Histograms of the probability of the chosen alternative in the cross-validation for the training data (blue) and test data (red)

MyTrips builds upon these parts and adds P2 as RP data and P3 for corresponding SP-off-RP questions, and finally P5 for a stated choice experiment.

In Fig. 2 the user interface for the collection of trip diaries in P2 is shown.

For the collection of the mobility diaries P2 the activity locations are geocoded using an address search, whereby the positions can still be adjusted in a map. For each trip, respondents must fill in start and end location, departure and arrival times, and mode of transport. Intermodal trips are split into single-mode stages. Depending on the survey goal and scenario, the degree of detail required for the modes of transport may vary. For one survey, it may be sufficient to provide a single trip for a complex public transport journey with several line changes. For another survey line and changeover information or a differentiation between car driver and passenger may be required. In addition, the activity between trips, e.g. being at work, shopping, or spending leisure time, is inquired.

Choice sets for P5 are calculated based on P2, where each choice set consists of two or more routes with the same start and end location. The RP route, as well as SP and RP alternatives, are generated using a routing service. For the case studies in this paper, our proprietary intermodal routing framework Ariadne [20] was applied for the routing step. The attributes like the travel times per mode for all the alternatives were then calculated from the resulting route. See Table 1 for the attributes applied in the current case studies. The final alternatives are then chosen such that they fit best with the optimal design, as described in Sect. 2.3. The detailed calculation methodology for P3 is presented in Sects. 2.2 and 2.3. In P5 respondents select their preferred route from each choice set. If the trip diary contains too few trips, or no suitable alternative routes can be generated for a trip, predefined fallback choice sets are used for the remaining questions.

Table 1 Attributes of the alternatives for the case studies (micro transit was not an option in the first case study) together with boundaries that determine feasible alternatives
Table 2 First two design route pairs from the generic design
Table 3 Parameter values, t values, p values and significance levels of the LCM parameters
Table 4 Validation of the LCM Model.
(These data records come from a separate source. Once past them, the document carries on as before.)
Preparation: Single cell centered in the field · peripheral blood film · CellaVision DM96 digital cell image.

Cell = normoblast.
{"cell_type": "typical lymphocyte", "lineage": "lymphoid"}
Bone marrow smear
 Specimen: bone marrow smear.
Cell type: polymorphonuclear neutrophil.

The first two rows of the table show how much the modelled modal splits deviate from the modal splits in the data. The last row shows the mean and standard deviation of the probability of the chosen alternatives for training and test data

MyTrips technical survey procedure

The following technical components together form the MyTrips survey tool:

  • Conventional online survey (P1, P4, P5): survey parts filled in by respondents

  • Trip diary (P2): user interface where respondents enter their trips

  • MyTrips web service (P3): calculates choice sets and persists survey results

The detailed survey procedure and interaction between these components is shown in Fig. 1. The survey procedure is sequential with one exception. After respondents submit the diary, two things happen in parallel: respondents continue with the main questionnaire and also the choice sets with alternative routes are calculated. The questionnaire therefore needs to be long enough to allow time for the calculation to finish. For P3 Choice set calculation, an intermodal router is required. For the two case studies, we used our proprietary intermodal routing framework Ariadne [20].
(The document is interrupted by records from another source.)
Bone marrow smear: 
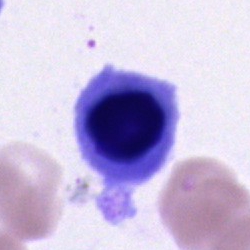 Cell type: nucleated red cell.
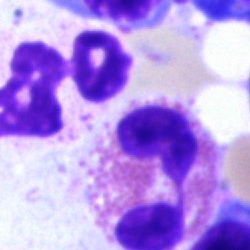 This is an eosinophil.

Creation of alternative routes for choice sets

To calculate SP-off-RP route alternatives, the trip diary is split into trips at all activities except bringing or fetching people and changes between modes of transport. This means that trips are not limited to single modes, but can be intermodal. For each trip, a set of alternative routes for the SP as well as the RP trips is calculated, using combinations of the available modes of transport for the respondent. The exact method and routing process are survey-dependent. For RP and the SP alternatives, different modes of transport or road and public transport networks can be used. As an example, for the second case study, the mode combinations used for the calculation of route alternatives were car, park and ride, bike, bike and ride, public transport and combinations with micro transit.
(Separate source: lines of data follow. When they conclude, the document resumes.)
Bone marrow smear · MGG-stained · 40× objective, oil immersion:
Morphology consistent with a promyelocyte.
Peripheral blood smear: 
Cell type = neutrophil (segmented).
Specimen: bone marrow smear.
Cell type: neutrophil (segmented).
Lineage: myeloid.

Once all possible intermodal route alternatives are calculated in Ariadne, the attribute of the different alternatives are calculated for those routes. Using the calculated attributes, the choice sets for the SP questions are created as described in Sect. 2.3. For the two case studies, SP-off-RP choice sets in the MyTrips questionnaire contain only two routes. The decision for pairwise choices was taken, since the presentation of choice sets was implemented with a map view of the routes and text describing the choices. The restriction to two choices provides enough space for the presentation of both alternatives (see Fig. 3).

To avoid SP-off-RP choice sets with unrealistic route alternatives, for each trip, a subset of feasible routes is selected. Routes that are not viable for most users are discarded following the rules presented in Table 1, since they add no information to the model estimation process. Examples for discarded routes are those with very long walking or cycling stretches, or routes that take more than twice as long as the RP route.

The design process for the SP-off-RP alternatives follows the methodology from Arellana et al. [12]. Due to the intermediate routing step, the design process needs to be adjusted slightly since the choice sets cannot be directly taken from the calculated design. The adjusted design procedure consists of the following steps.

Step 1 Preliminary design feature definition For the two case studies, mode choice models were based on travel times per mode, waiting time, travel costs and number of transfers. Due to the difficulty to control the number of transfers in the routing process, the design of the SP alternatives was based only on time variables. Number of changes and travel costs were only applied in the subsequent model estimation.

Step 2 Optimisation of generic SP design A 20 row design was chosen as generic design. The generic design was selected using a Bayesian efficient design. The Bayesian D-criterion \(D_b\) is calculated as

$$\begin{aligned} D_b=\int _{\mathrm{I\!R}^k}\left\{ det(I)^{-1}(X,\beta ) \right\} ^{\frac{1}{k}}\pi (\beta )d\beta , \end{aligned}$$
(1)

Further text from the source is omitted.